**WORK INSTRUCTION:**
Look through the records below for the line holding "とくしまアラートに関して、療養者数100人を 割ったという言い方だったと思うのですが これは100人未満ということですか". Write it out exactly, with each following line through the line holding "przez osoby, które".

**ENTRIES SUPPLIED:**

== Segment start ==

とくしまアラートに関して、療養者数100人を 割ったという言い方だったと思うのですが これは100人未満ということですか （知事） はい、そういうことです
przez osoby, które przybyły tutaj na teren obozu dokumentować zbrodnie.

== Segment end ==
== Segment start ==

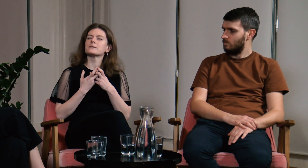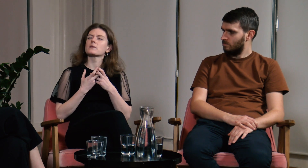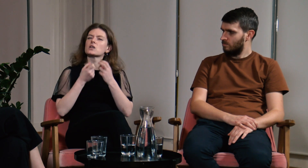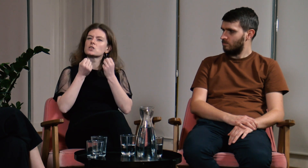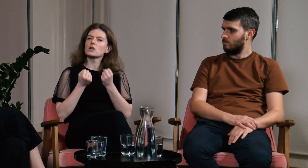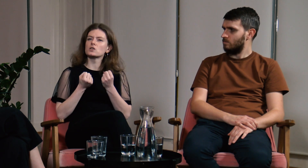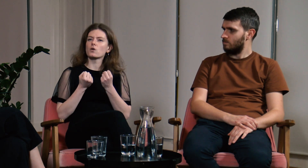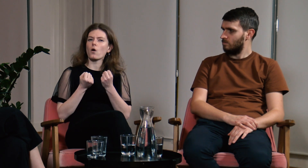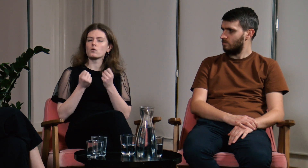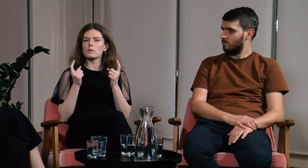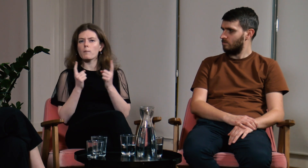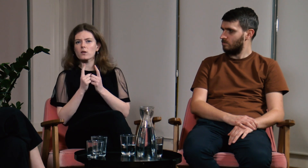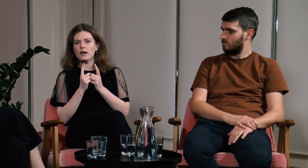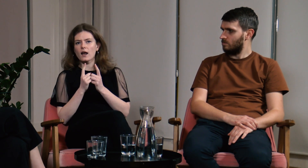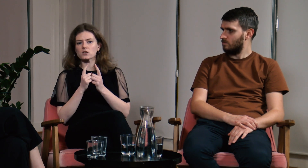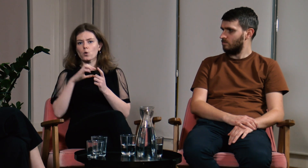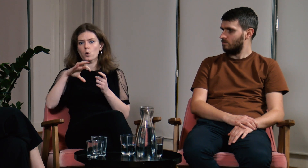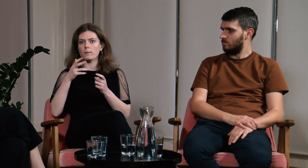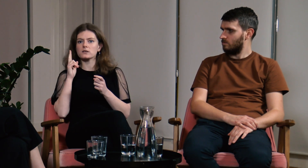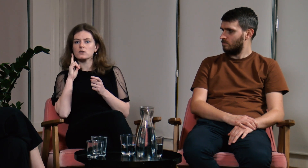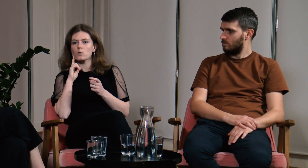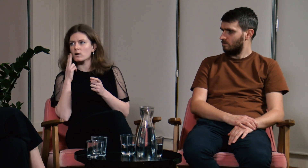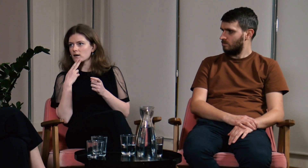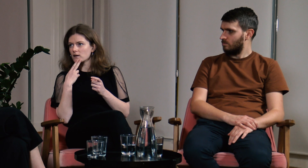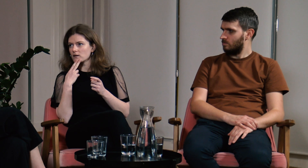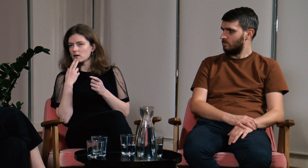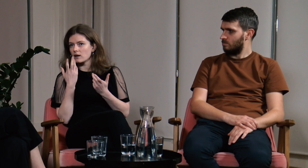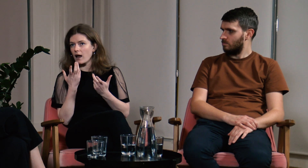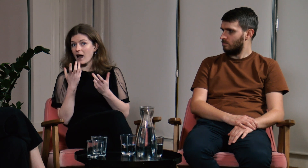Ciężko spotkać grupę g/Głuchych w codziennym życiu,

== Segment end ==

**RESPONSE TO THIS TASK:**
とくしまアラートに関して、療養者数100人を 割ったという言い方だったと思うのですが これは100人未満ということですか （知事） はい、そういうことです
przez osoby, które przybyły tutaj na teren obozu dokumentować zbrodnie.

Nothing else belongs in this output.